Andropov was wrong about the lack of “architectural and other value”: the stone mansion was a fine example of pseudo-Russian Art Nouveau style, it was perfectly inscribed in the city’s landscape – one-story on one side and two-story on the other, and inside it was decorated with stucco molding and casting, which by the 1970s were still well preserved.

Nevertheless, the house was indeed the object of growing interest for both locals and foreigners. On the day marking the anniversary of the murders of the Tsar and his family, candles were placed at the threshold of the house, while believers crossed themselves and bowed at the walls. Their numbers grew each year, acting as a precursor to Tsar’s Days.

Rumors spread around the city that UNESCO was going to make the Ipatiev House a “monument to human barbarism”[1] along with Auschwitz. And yet the then leadership of the city – the secretary of the regional committee Yakov Petrovich Ryabov (1928-2018) and the chairman of the city executive committee Vasily Vasilyevich Gudkov (1926-2018) – was in no hurry to carry out the order. Opponents of the demolition of the building included not only local historians, but even the communists – “how can you destroy the monument to the revolution, where the bloody tyrant suffered a well-deserved punishment?,” they cried.

This story ended two years later, when the new secretary of the regional committee, Boris Yeltsin (1931-2007), was instructed to carry out the order of the Politburo, of Which he complied in September 1977.

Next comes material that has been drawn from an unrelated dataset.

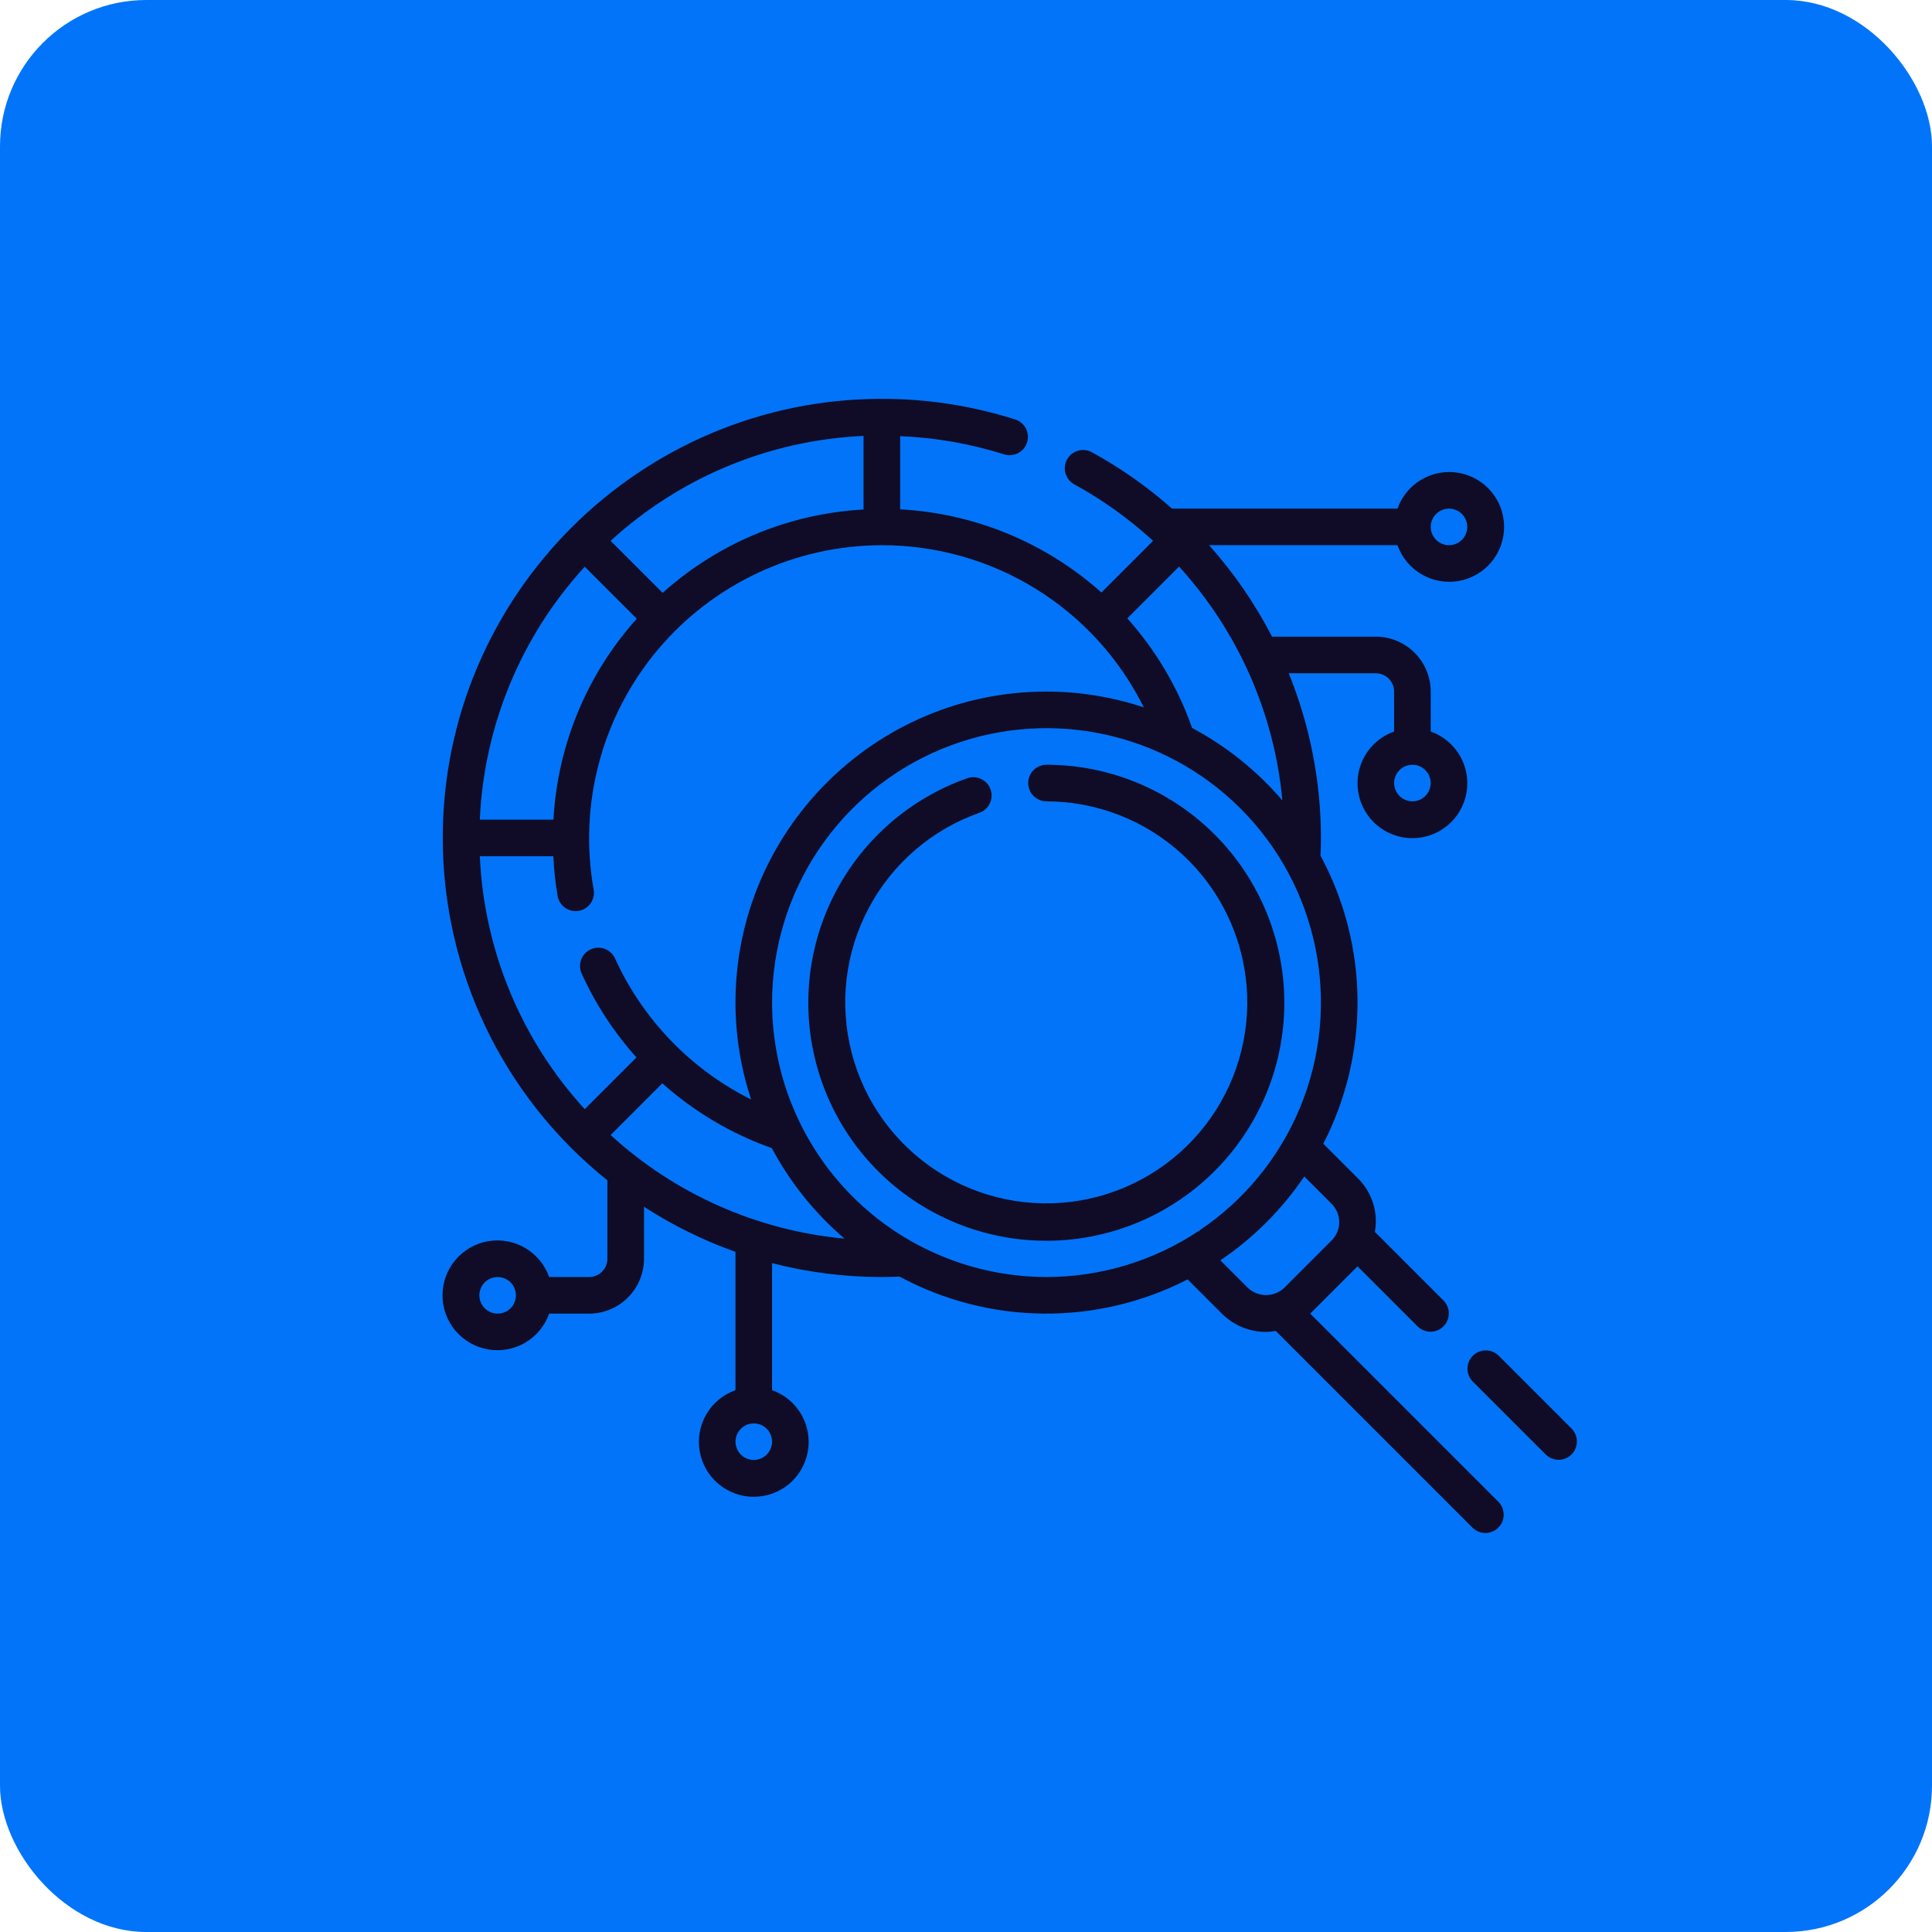 <?xml version="1.0" encoding="UTF-8"?> <svg xmlns="http://www.w3.org/2000/svg" width="132" height="132" viewBox="0 0 132 132" fill="none"> <rect width="132" height="132" rx="10" fill="#0174F9"></rect> <path d="M89.518 89.75L92.75 86.518L96.866 90.634C97.102 90.862 97.418 90.989 97.746 90.987C98.075 90.985 98.389 90.853 98.621 90.621C98.853 90.389 98.985 90.075 98.987 89.746C98.99 89.418 98.863 89.102 98.634 88.866L93.935 84.167C94.055 83.503 94.01 82.819 93.803 82.177C93.597 81.534 93.235 80.952 92.75 80.483L90.412 78.144C91.98 75.094 92.783 71.707 92.749 68.278C92.716 64.848 91.848 61.478 90.22 58.459C90.236 58.057 90.25 57.655 90.25 57.25C90.248 53.393 89.5 49.573 88.049 46H94C94.332 46.001 94.649 46.132 94.884 46.367C95.118 46.601 95.25 46.919 95.25 47.25V49.98C94.416 50.275 93.713 50.855 93.266 51.618C92.818 52.381 92.655 53.278 92.804 54.15C92.954 55.022 93.407 55.813 94.083 56.383C94.76 56.953 95.616 57.266 96.5 57.266C97.385 57.266 98.241 56.953 98.918 56.383C99.594 55.813 100.047 55.022 100.196 54.15C100.346 53.278 100.183 52.381 99.735 51.618C99.287 50.855 98.584 50.275 97.75 49.98V47.25C97.749 46.256 97.354 45.303 96.651 44.599C95.948 43.897 94.995 43.501 94 43.5H86.909C85.746 41.243 84.3 39.143 82.608 37.25H95.481C95.776 38.084 96.356 38.787 97.119 39.234C97.882 39.682 98.778 39.846 99.65 39.696C100.522 39.546 101.313 39.093 101.883 38.417C102.453 37.741 102.766 36.885 102.766 36C102.766 35.115 102.453 34.259 101.883 33.583C101.313 32.907 100.522 32.454 99.65 32.304C98.778 32.154 97.882 32.318 97.119 32.766C96.356 33.213 95.776 33.916 95.481 34.75H80.077C78.4 33.266 76.563 31.974 74.599 30.898C74.308 30.739 73.966 30.702 73.648 30.796C73.329 30.889 73.062 31.105 72.903 31.396C72.744 31.687 72.707 32.029 72.801 32.347C72.894 32.666 73.11 32.934 73.401 33.092C75.344 34.157 77.151 35.452 78.783 36.95L75.252 40.481C71.448 37.078 66.597 35.074 61.5 34.8V29.798C63.919 29.898 66.313 30.318 68.621 31.047C68.935 31.141 69.273 31.108 69.563 30.956C69.853 30.803 70.072 30.542 70.171 30.229C70.271 29.917 70.244 29.578 70.096 29.285C69.948 28.993 69.691 28.77 69.38 28.665C66.428 27.725 63.348 27.247 60.25 27.25C43.709 27.25 30.25 40.708 30.25 57.25C30.251 61.743 31.262 66.179 33.209 70.229C35.157 74.278 37.99 77.838 41.5 80.644V86C41.5 86.331 41.368 86.649 41.134 86.883C40.9 87.118 40.582 87.25 40.25 87.25H37.52C37.225 86.416 36.645 85.713 35.882 85.266C35.119 84.818 34.222 84.654 33.35 84.804C32.478 84.954 31.688 85.407 31.117 86.083C30.547 86.759 30.234 87.615 30.234 88.5C30.234 89.385 30.547 90.241 31.117 90.917C31.688 91.593 32.478 92.046 33.35 92.196C34.222 92.346 35.119 92.182 35.882 91.735C36.645 91.287 37.225 90.584 37.52 89.75H40.25C41.245 89.749 42.198 89.353 42.901 88.65C43.604 87.947 43.999 86.994 44 86V82.448C45.956 83.715 48.054 84.749 50.25 85.53V94.98C49.416 95.275 48.713 95.855 48.266 96.618C47.818 97.381 47.655 98.278 47.804 99.15C47.954 100.022 48.407 100.813 49.083 101.383C49.76 101.953 50.616 102.266 51.5 102.266C52.385 102.266 53.241 101.953 53.917 101.383C54.594 100.813 55.047 100.022 55.196 99.15C55.346 98.278 55.182 97.381 54.735 96.618C54.287 95.855 53.584 95.275 52.75 94.98V86.301C55.2 86.933 57.72 87.252 60.25 87.25C60.657 87.25 61.058 87.236 61.459 87.22C64.478 88.847 67.848 89.716 71.278 89.749C74.708 89.782 78.094 88.98 81.144 87.412L83.482 89.75C83.878 90.148 84.348 90.463 84.866 90.677C85.384 90.892 85.94 91.002 86.5 91C86.724 90.996 86.947 90.974 87.168 90.935L100.616 104.384C100.852 104.613 101.168 104.739 101.496 104.737C101.824 104.735 102.139 104.603 102.371 104.371C102.603 104.139 102.734 103.825 102.737 103.496C102.739 103.168 102.612 102.852 102.384 102.616L89.518 89.75ZM96.5 54.75C96.253 54.75 96.011 54.677 95.806 54.539C95.6 54.402 95.44 54.207 95.346 53.978C95.251 53.75 95.226 53.499 95.274 53.256C95.323 53.014 95.442 52.791 95.617 52.616C95.791 52.441 96.014 52.322 96.257 52.274C96.499 52.226 96.75 52.251 96.979 52.345C97.207 52.44 97.402 52.6 97.54 52.806C97.677 53.011 97.75 53.253 97.75 53.5C97.75 53.831 97.618 54.149 97.384 54.383C97.149 54.618 96.832 54.75 96.5 54.75V54.75ZM34 89.75C33.753 89.75 33.511 89.677 33.306 89.539C33.1 89.402 32.94 89.207 32.846 88.978C32.751 88.75 32.726 88.499 32.774 88.256C32.823 88.014 32.942 87.791 33.117 87.616C33.291 87.441 33.514 87.322 33.757 87.274C33.999 87.226 34.25 87.251 34.479 87.345C34.707 87.44 34.902 87.6 35.04 87.806C35.177 88.011 35.25 88.253 35.25 88.5C35.25 88.831 35.118 89.149 34.884 89.383C34.65 89.618 34.332 89.75 34 89.75V89.75ZM51.5 99.75C51.253 99.75 51.011 99.677 50.806 99.539C50.6 99.402 50.44 99.207 50.346 98.978C50.251 98.75 50.226 98.499 50.274 98.256C50.323 98.014 50.442 97.791 50.617 97.616C50.791 97.441 51.014 97.322 51.257 97.274C51.499 97.226 51.75 97.251 51.979 97.345C52.207 97.44 52.402 97.6 52.54 97.806C52.677 98.011 52.75 98.253 52.75 98.5C52.75 98.831 52.618 99.149 52.384 99.383C52.15 99.618 51.832 99.75 51.5 99.75V99.75ZM81.449 49.736C80.475 46.975 78.971 44.431 77.021 42.247L80.558 38.71C84.585 43.127 87.064 48.736 87.616 54.688C85.887 52.667 83.795 50.988 81.449 49.736V49.736ZM99 34.75C99.248 34.75 99.489 34.823 99.695 34.961C99.9 35.098 100.061 35.293 100.155 35.522C100.25 35.75 100.275 36.001 100.226 36.244C100.178 36.486 100.059 36.709 99.884 36.884C99.709 37.059 99.487 37.178 99.244 37.226C99.002 37.274 98.75 37.249 98.522 37.155C98.294 37.06 98.098 36.9 97.961 36.694C97.824 36.489 97.75 36.247 97.75 36C97.751 35.669 97.883 35.351 98.117 35.117C98.351 34.882 98.669 34.751 99 34.75V34.75ZM78.149 48.331C76.005 47.617 73.76 47.252 71.5 47.25C59.783 47.25 50.25 56.782 50.25 68.5C50.252 70.75 50.614 72.986 51.321 75.122C47.208 73.069 43.924 69.667 42.019 65.484C41.882 65.182 41.631 64.947 41.32 64.83C41.01 64.713 40.666 64.724 40.364 64.861C40.062 64.998 39.827 65.249 39.71 65.559C39.593 65.87 39.604 66.214 39.741 66.516C40.689 68.606 41.952 70.538 43.485 72.247L39.951 75.781C35.607 71.041 33.069 64.923 32.782 58.5H37.805C37.848 59.411 37.946 60.319 38.099 61.219C38.151 61.508 38.302 61.769 38.527 61.958C38.751 62.146 39.035 62.25 39.328 62.25C39.402 62.25 39.476 62.244 39.549 62.23C39.711 62.202 39.865 62.142 40.003 62.053C40.142 61.965 40.261 61.85 40.355 61.715C40.449 61.581 40.515 61.429 40.551 61.269C40.586 61.108 40.589 60.943 40.56 60.781C40.047 57.902 40.172 54.945 40.924 52.119C41.677 49.292 43.039 46.666 44.916 44.422C46.793 42.179 49.139 40.375 51.788 39.136C54.437 37.897 57.326 37.253 60.25 37.25C63.97 37.245 67.617 38.28 70.78 40.238C73.943 42.196 76.495 44.999 78.149 48.331ZM45.274 40.506L41.719 36.951C46.46 32.607 52.577 30.069 59 29.781V34.812C53.91 35.091 49.067 37.1 45.274 40.506H45.274ZM43.506 42.273C40.1 46.067 38.092 50.91 37.814 56H32.782C33.069 49.577 35.607 43.459 39.951 38.719L43.506 42.273ZM41.719 77.549L45.253 74.015C47.435 75.964 49.976 77.468 52.734 78.444C53.989 80.797 55.674 82.894 57.701 84.627C51.744 84.076 46.131 81.59 41.719 77.549V77.549ZM52.75 68.5C52.75 64.792 53.85 61.166 55.91 58.083C57.971 55 60.899 52.596 64.325 51.177C67.751 49.758 71.521 49.387 75.158 50.11C78.796 50.834 82.136 52.62 84.759 55.242C87.381 57.864 89.167 61.205 89.89 64.842C90.614 68.479 90.242 72.249 88.823 75.675C87.404 79.101 85.001 82.03 81.917 84.09C78.834 86.15 75.209 87.25 71.5 87.25C66.529 87.244 61.763 85.267 58.248 81.752C54.733 78.237 52.756 73.471 52.75 68.5V68.5ZM85.25 87.983L83.379 86.111C85.638 84.583 87.583 82.637 89.112 80.379L90.982 82.25C91.146 82.414 91.276 82.609 91.365 82.823C91.454 83.038 91.5 83.268 91.5 83.5C91.5 83.732 91.454 83.962 91.365 84.177C91.276 84.391 91.146 84.586 90.982 84.75L87.75 87.983C87.414 88.305 86.966 88.484 86.5 88.484C86.035 88.484 85.587 88.305 85.25 87.983V87.983Z" fill="#100C27"></path> <path d="M107.385 97.616L102.385 92.617C102.149 92.388 101.833 92.261 101.505 92.264C101.176 92.266 100.862 92.398 100.63 92.63C100.398 92.862 100.266 93.176 100.264 93.504C100.261 93.833 100.388 94.149 100.617 94.385L105.617 99.383C105.852 99.612 106.169 99.739 106.497 99.737C106.825 99.734 107.139 99.603 107.372 99.371C107.604 99.138 107.735 98.824 107.738 98.496C107.74 98.167 107.613 97.851 107.385 97.616Z" fill="#100C27"></path> <path d="M71.5 52.25C71.169 52.25 70.851 52.382 70.616 52.616C70.382 52.85 70.25 53.169 70.25 53.5C70.25 53.831 70.382 54.15 70.616 54.384C70.851 54.618 71.169 54.75 71.5 54.75C74.941 54.754 78.255 56.05 80.786 58.38C83.317 60.711 84.882 63.906 85.169 67.335C85.457 70.763 84.448 74.175 82.341 76.895C80.234 79.615 77.183 81.445 73.791 82.023C70.4 82.602 66.914 81.886 64.025 80.017C61.136 78.149 59.053 75.264 58.189 71.934C57.325 68.603 57.742 65.07 59.359 62.033C60.975 58.995 63.672 56.675 66.917 55.531C67.072 55.477 67.214 55.392 67.336 55.282C67.459 55.172 67.558 55.039 67.628 54.891C67.699 54.743 67.74 54.583 67.749 54.419C67.757 54.255 67.734 54.091 67.679 53.936C67.624 53.781 67.539 53.639 67.43 53.517C67.32 53.394 67.187 53.295 67.039 53.224C66.891 53.154 66.73 53.113 66.566 53.104C66.402 53.096 66.238 53.119 66.083 53.174C62.241 54.528 59.046 57.275 57.132 60.871C55.218 64.468 54.724 68.652 55.747 72.595C56.77 76.539 59.236 79.955 62.657 82.167C66.079 84.379 70.205 85.226 74.222 84.541C78.238 83.856 81.85 81.689 84.345 78.467C86.839 75.246 88.033 71.206 87.691 67.146C87.349 63.086 85.495 59.303 82.497 56.544C79.499 53.786 75.574 52.253 71.5 52.25V52.25Z" fill="#100C27"></path> </svg>

PHOTO: the demolition of the Ipatiev House was carried out on 22-23 September 1977

Could the Ipatiev House have been saved?

In his Russian-language memoir Исповедь на заданную тему / Confession on a Given Topic (1990), the first president of Russia wrote that the building was demolished in one night, immediately after he received a secret package from the Politburo: “It was impossible to resist … In addition, I could not prevent this — the decision of the highest authority of the country, official, signed and formalized accordingly. Not to comply with the Politburo Resolution? I… I could not even imagine the consequences. But even if I had disobeyed, I would have been left without a job… And the new first secretary of the regional committee, who would have replaced me, would still have carried out the order nevertheless.”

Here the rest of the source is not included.